## Requirement
Which lines run from the line with "75.529L1329.93 71.033L1339.44 94.407L1355.57" through the line with "78.314C1353.44 82.782 1356.18" in the entries below? Print them exactly, both ends included, and nothing more.

## Input
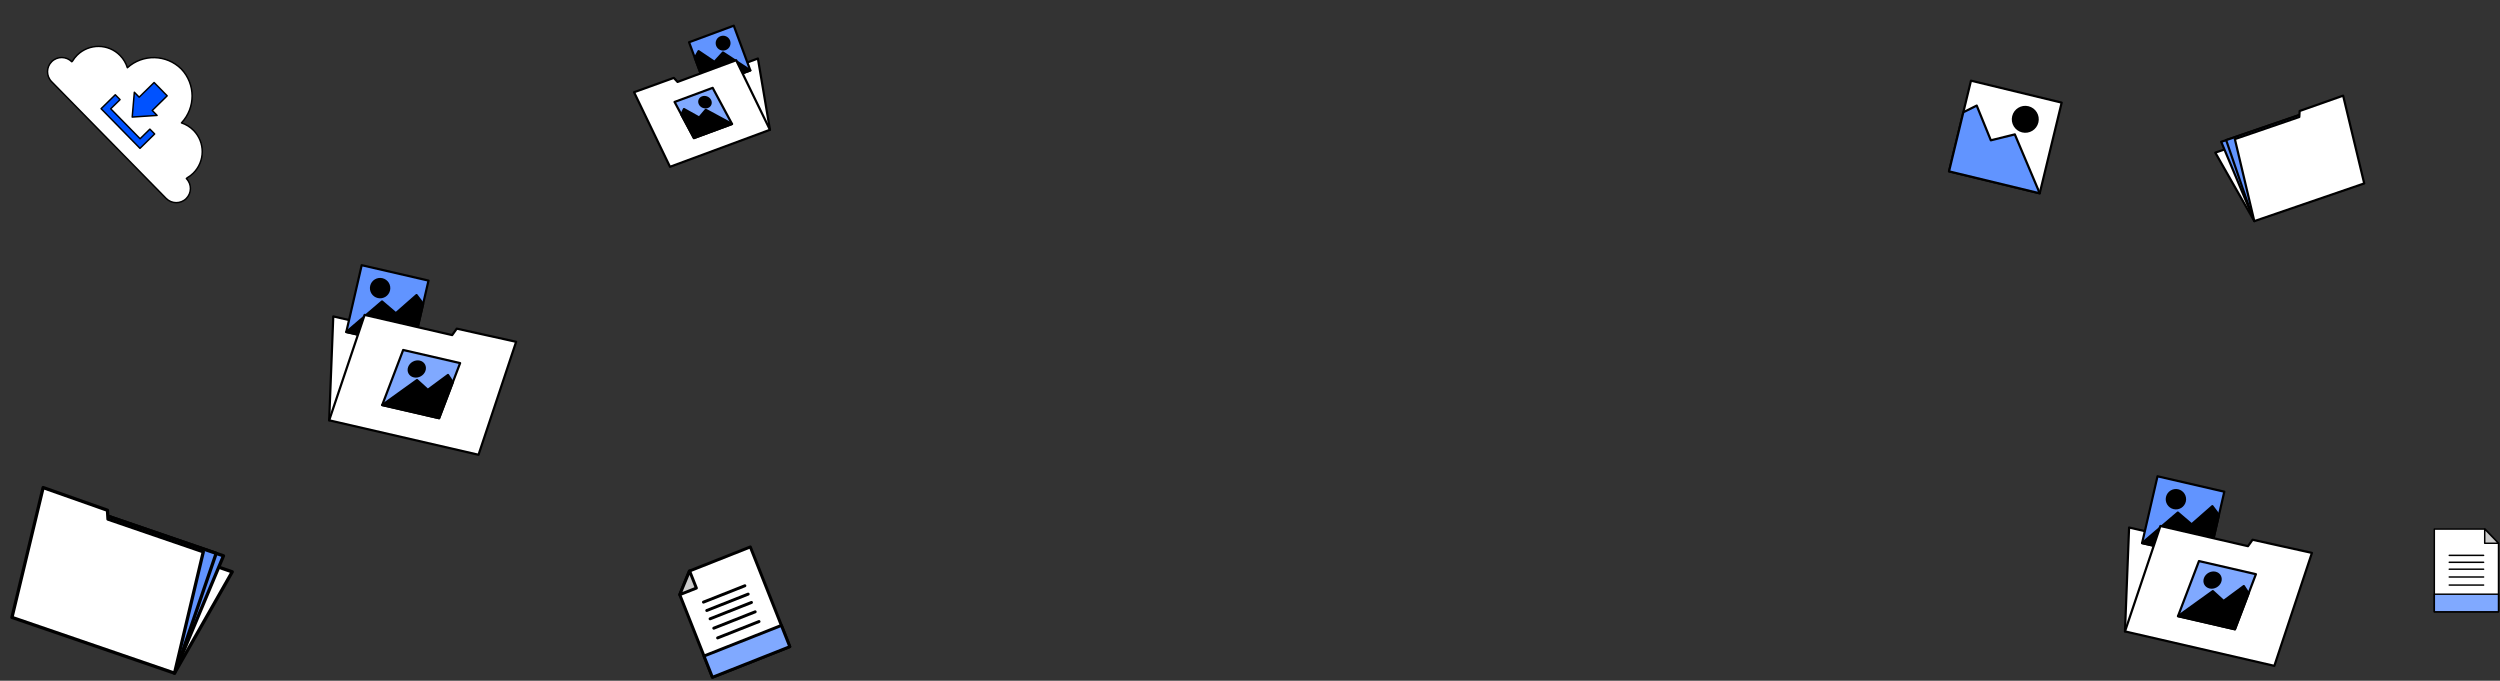 <svg width="1682" height="458" viewBox="0 0 1682 458" fill="none" xmlns="http://www.w3.org/2000/svg">
<rect x="0" y="0" width="1682" height="458" fill="#333333" stroke="none"/>
<path d="M1516.7 148.781L1490.45 102.688L1521.45 92.052L1516.7 148.781Z" fill="white" stroke="black" stroke-width="1.5" stroke-linecap="round" stroke-linejoin="round"/>
<path d="M1585.15 120.678L1515.06 144.724L1494.43 95.414L1567.84 70.229L1585.15 120.678Z" fill="#6194FF" stroke="black" stroke-width="1.5" stroke-linecap="round" stroke-linejoin="round"/>
<path d="M1571.16 69.096L1497.75 94.281L1515.06 144.731L1588.47 119.545L1571.16 69.096Z" fill="#6194FF" stroke="black" stroke-width="1.5" stroke-linecap="round" stroke-linejoin="round"/>
<path d="M1547.2 74.681L1546.96 78.706L1503.61 93.578L1516.7 148.783L1590.65 123.413L1576.46 64.361L1547.2 74.681Z" fill="white" stroke="black" stroke-width="1.5" stroke-linecap="round" stroke-linejoin="round"/>
<path d="M117.422 452.907L156.25 384.727L110.392 368.994L117.422 452.907Z" fill="white" stroke="black" stroke-width="2.219" stroke-linecap="round" stroke-linejoin="round"/>
<path d="M16.168 411.339L119.847 446.907L150.359 373.969L41.769 336.715L16.168 411.339Z" fill="#6194FF" stroke="black" stroke-width="2.219" stroke-linecap="round" stroke-linejoin="round"/>
<path d="M36.855 335.036L145.445 372.289L119.845 446.912L11.254 409.659L36.855 335.036Z" fill="#6194FF" stroke="black" stroke-width="2.219" stroke-linecap="round" stroke-linejoin="round"/>
<path d="M72.296 343.296L72.659 349.25L136.779 371.247L117.421 452.905L8.036 415.379L29.023 328.031L72.296 343.296Z" fill="white" stroke="black" stroke-width="2.219" stroke-linecap="round" stroke-linejoin="round"/>
<path d="M518.023 87.326L509.918 39.359L481.729 49.796L518.023 87.326Z" fill="white" stroke="black" stroke-width="1.5" stroke-linecap="round" stroke-linejoin="round"/>
<path d="M463.599 28.426L493.68 17.289L504.817 47.37L474.736 58.507L463.599 28.426Z" fill="#6194FF" stroke="black" stroke-width="1.5" stroke-linecap="round" stroke-linejoin="round"/>
<path d="M467.48 38.902L470.015 34.429L480.709 41.629L486.409 35.337L504.818 47.365L474.738 58.503L467.48 38.902Z" fill="black" stroke="black" stroke-width="1.5" stroke-linecap="round" stroke-linejoin="round"/>
<path d="M482.517 30.503C483.332 32.706 485.778 33.83 487.981 33.014C490.183 32.199 491.308 29.753 490.492 27.55C489.677 25.348 487.231 24.223 485.028 25.039C482.825 25.854 481.701 28.3 482.517 30.503Z" fill="black" stroke="black" stroke-width="1.5" stroke-linecap="round" stroke-linejoin="round"/>
<path d="M453.353 52.405L455.863 55.121L495.287 40.524L518.018 87.328L450.779 112.223L426.588 62.052L453.353 52.405Z" fill="white" stroke="black" stroke-width="1.5" stroke-linecap="round" stroke-linejoin="round"/>
<path d="M466.875 92.909L492.506 83.419L479.485 59.106L453.854 68.596L466.875 92.909Z" fill="#80A9FF" stroke="black" stroke-width="1.5" stroke-linecap="round" stroke-linejoin="round"/>
<path d="M458.392 77.06L460.179 73.378L470.447 79.1L474.861 73.891L492.505 83.415L466.874 92.905L458.392 77.06Z" fill="black" stroke="black" stroke-width="1.5" stroke-linecap="round" stroke-linejoin="round"/>
<path d="M470.908 70.003C471.86 71.781 474.157 72.668 476.04 71.97C477.923 71.273 478.666 69.271 477.711 67.484C476.76 65.705 474.463 64.819 472.58 65.516C470.697 66.213 469.954 68.215 470.908 70.003Z" fill="black" stroke="black" stroke-width="1.5" stroke-linecap="round" stroke-linejoin="round"/>
<path d="M221.466 282.79L224.23 212.883L266.353 222.6L221.466 282.79Z" fill="white" stroke="black" stroke-width="1.5" stroke-linecap="round" stroke-linejoin="round"/>
<path d="M288.297 188.791L243.348 178.422L232.978 223.372L277.928 233.741L288.297 188.791Z" fill="#6194FF" stroke="black" stroke-width="1.5" stroke-linecap="round" stroke-linejoin="round"/>
<path d="M284.683 204.444L280.247 198.529L266.313 210.759L257.03 202.831L232.976 223.364L277.926 233.734L284.683 204.444Z" fill="black" stroke="black" stroke-width="1.5" stroke-linecap="round" stroke-linejoin="round"/>
<path d="M261.695 195.224C260.936 198.515 257.653 200.567 254.362 199.808C251.071 199.049 249.018 195.766 249.778 192.474C250.537 189.183 253.82 187.131 257.111 187.89C260.402 188.65 262.455 191.932 261.695 195.224Z" fill="black" stroke="black" stroke-width="1.5" stroke-linecap="round" stroke-linejoin="round"/>
<path d="M307.308 221.115L304.225 225.45L245.314 211.86L221.473 282.789L321.95 305.968L347.254 229.967L307.308 221.115Z" fill="white" stroke="black" stroke-width="1.5" stroke-linecap="round" stroke-linejoin="round"/>
<path d="M295.441 281.366L257.14 272.53L271.255 235.461L309.556 244.296L295.441 281.366Z" fill="#80A9FF" stroke="black" stroke-width="1.5" stroke-linecap="round" stroke-linejoin="round"/>
<path d="M304.635 257.198L301.41 252.275L287.813 262.319L280.563 255.698L257.141 272.52L295.442 281.355L304.635 257.198Z" fill="black" stroke="black" stroke-width="1.5" stroke-linecap="round" stroke-linejoin="round"/>
<path d="M285.487 249.431C284.456 252.143 281.342 253.829 278.528 253.179C275.715 252.53 274.287 249.811 275.321 247.086C276.352 244.375 279.466 242.689 282.28 243.338C285.093 243.987 286.521 246.707 285.487 249.431Z" fill="black" stroke="black" stroke-width="1.5" stroke-linecap="round" stroke-linejoin="round"/>
<path d="M1429.68 424.813L1432.45 354.906L1474.57 364.624L1429.68 424.813Z" fill="white" stroke="black" stroke-width="1.5" stroke-linecap="round" stroke-linejoin="round"/>
<path d="M1496.52 330.815L1451.57 320.445L1441.2 365.395L1486.15 375.765L1496.52 330.815Z" fill="#6194FF" stroke="black" stroke-width="1.5" stroke-linecap="round" stroke-linejoin="round"/>
<path d="M1492.9 346.468L1488.47 340.552L1474.53 352.783L1465.25 344.855L1441.19 365.388L1486.14 375.757L1492.9 346.468Z" fill="black" stroke="black" stroke-width="1.5" stroke-linecap="round" stroke-linejoin="round"/>
<path d="M1469.91 337.247C1469.15 340.538 1465.87 342.591 1462.58 341.831C1459.29 341.072 1457.24 337.789 1458 334.498C1458.76 331.207 1462.04 329.154 1465.33 329.914C1468.62 330.673 1470.67 333.956 1469.91 337.247Z" fill="black" stroke="black" stroke-width="1.5" stroke-linecap="round" stroke-linejoin="round"/>
<path d="M1515.53 363.139L1512.44 367.474L1453.53 353.883L1429.69 424.813L1530.17 447.992L1555.47 371.991L1515.53 363.139Z" fill="white" stroke="black" stroke-width="1.5" stroke-linecap="round" stroke-linejoin="round"/>
<path d="M1503.66 423.389L1465.36 414.553L1479.47 377.484L1517.77 386.32L1503.66 423.389Z" fill="#80A9FF" stroke="black" stroke-width="1.5" stroke-linecap="round" stroke-linejoin="round"/>
<path d="M1512.85 399.222L1509.63 394.298L1496.03 404.343L1488.78 397.722L1465.36 414.543L1503.66 423.379L1512.85 399.222Z" fill="black" stroke="black" stroke-width="1.5" stroke-linecap="round" stroke-linejoin="round"/>
<path d="M1493.71 391.455C1492.67 394.166 1489.56 395.852 1486.75 395.203C1483.93 394.554 1482.51 391.834 1483.54 389.11C1484.57 386.398 1487.69 384.713 1490.5 385.362C1493.31 386.011 1494.74 388.73 1493.71 391.455Z" fill="black" stroke="black" stroke-width="1.5" stroke-linecap="round" stroke-linejoin="round"/>
<path d="M1326.07 54.278L1387.09 69.047L1372.32 130.066L1311.3 115.297L1326.07 54.278Z" fill="white" stroke="black" stroke-width="1.5" stroke-linecap="round" stroke-linejoin="round"/>
<path d="M1320.93 75.529L1329.93 71.033L1339.44 94.407L1355.57 90.415L1372.33 130.059L1311.31 115.29L1320.93 75.529Z" fill="#6194FF" stroke="black" stroke-width="1.5" stroke-linecap="round" stroke-linejoin="round"/>
<path d="M1354.52 78.314C1353.44 82.782 1356.18 87.28 1360.65 88.361C1365.12 89.442 1369.62 86.698 1370.7 82.23C1371.78 77.762 1369.04 73.264 1364.57 72.183C1360.1 71.101 1355.6 73.846 1354.52 78.314Z" fill="black" stroke="black" stroke-width="1.5" stroke-linecap="round" stroke-linejoin="round"/>
<path d="M125.388 120.136L125.87 119.663C127.326 118.828 128.712 117.805 129.962 116.579C138.002 108.693 138.126 95.778 130.249 87.747C127.893 85.345 125.076 83.667 122.083 82.675C131.666 72.506 131.659 56.563 121.965 46.401C111.993 36.513 96.045 36.189 85.7 45.582C84.766 42.57 83.151 39.73 80.787 37.32C72.901 29.28 59.994 29.164 51.955 37.05C50.696 38.284 49.655 39.641 48.792 41.081L48.31 41.554C44.623 37.796 38.587 37.738 34.828 41.424C31.07 45.111 31.012 51.147 34.698 54.906L111.784 133.496C115.47 137.254 121.507 137.312 125.265 133.626C129.024 129.939 129.082 123.903 125.396 120.144L125.388 120.136Z" fill="white" stroke="black" stroke-linecap="round" stroke-linejoin="round"/>
<path d="M94.183 99.81L68.01 73.126L77.561 63.758L80.766 67.026L74.483 73.189L94.246 93.336L100.839 86.869L104.045 90.137L94.183 99.81Z" fill="#0052FF" stroke="black" stroke-linecap="round" stroke-linejoin="round"/>
<path d="M102.421 74.332L112.471 64.475L103.687 55.52L93.638 65.377L90.384 62.06L88.952 78.758L105.683 77.657L102.421 74.332Z" fill="#0052FF" stroke="black" stroke-linecap="round" stroke-linejoin="round"/>
<path d="M1681 411.633H1637.81V355.953H1671.92L1681 365.509V411.633Z" fill="white" stroke="black" stroke-linecap="round" stroke-linejoin="round"/>
<path d="M1681 399.766H1637.81V411.629H1681V399.766Z" fill="#80A9FF" stroke="black" stroke-linecap="round" stroke-linejoin="round"/>
<path d="M1681 365.509H1671.71V355.953L1681 365.509Z" fill="#CCCCCC" stroke="black" stroke-linecap="round" stroke-linejoin="round"/>
<path d="M1647.86 373.648H1670.96" stroke="black" stroke-linecap="round" stroke-linejoin="round"/>
<path d="M1647.86 378.312H1670.96" stroke="black" stroke-linecap="round" stroke-linejoin="round"/>
<path d="M1647.86 382.969H1670.96" stroke="black" stroke-linecap="round" stroke-linejoin="round"/>
<path d="M1647.86 388.195H1670.96" stroke="black" stroke-linecap="round" stroke-linejoin="round"/>
<path d="M1647.86 393.625H1670.96" stroke="black" stroke-linecap="round" stroke-linejoin="round"/>
<path d="M479.32 455.677L531.376 435.08L504.824 367.977L463.715 384.243L457.325 400.09L479.32 455.677Z" fill="white" stroke="black" stroke-width="2" stroke-linecap="round" stroke-linejoin="round"/>
<path d="M473.663 441.379L525.719 420.781L531.376 435.079L479.321 455.676L473.663 441.379Z" fill="#80A9FF" stroke="black" stroke-width="2" stroke-linecap="round" stroke-linejoin="round"/>
<path d="M457.324 400.095L468.521 395.664L463.965 384.148L457.324 400.095Z" fill="#CCCCCC" stroke="black" stroke-width="2" stroke-linecap="round" stroke-linejoin="round"/>
<path d="M501.137 394.094L473.301 405.108" stroke="black" stroke-width="2" stroke-linecap="round" stroke-linejoin="round"/>
<path d="M503.363 399.719L475.528 410.733" stroke="black" stroke-width="2" stroke-linecap="round" stroke-linejoin="round"/>
<path d="M505.582 405.328L477.747 416.342" stroke="black" stroke-width="2" stroke-linecap="round" stroke-linejoin="round"/>
<path d="M508.078 411.633L480.243 422.647" stroke="black" stroke-width="2" stroke-linecap="round" stroke-linejoin="round"/>
<path d="M510.66 418.172L482.825 429.186" stroke="black" stroke-width="2" stroke-linecap="round" stroke-linejoin="round"/>
</svg>

## Result of the exercise
<path d="M1320.93 75.529L1329.93 71.033L1339.44 94.407L1355.57 90.415L1372.33 130.059L1311.31 115.29L1320.93 75.529Z" fill="#6194FF" stroke="black" stroke-width="1.5" stroke-linecap="round" stroke-linejoin="round"/>
<path d="M1354.52 78.314C1353.44 82.782 1356.18 87.28 1360.65 88.361C1365.12 89.442 1369.62 86.698 1370.7 82.23C1371.78 77.762 1369.04 73.264 1364.57 72.183C1360.1 71.101 1355.6 73.846 1354.52 78.314Z" fill="black" stroke="black" stroke-width="1.5" stroke-linecap="round" stroke-linejoin="round"/>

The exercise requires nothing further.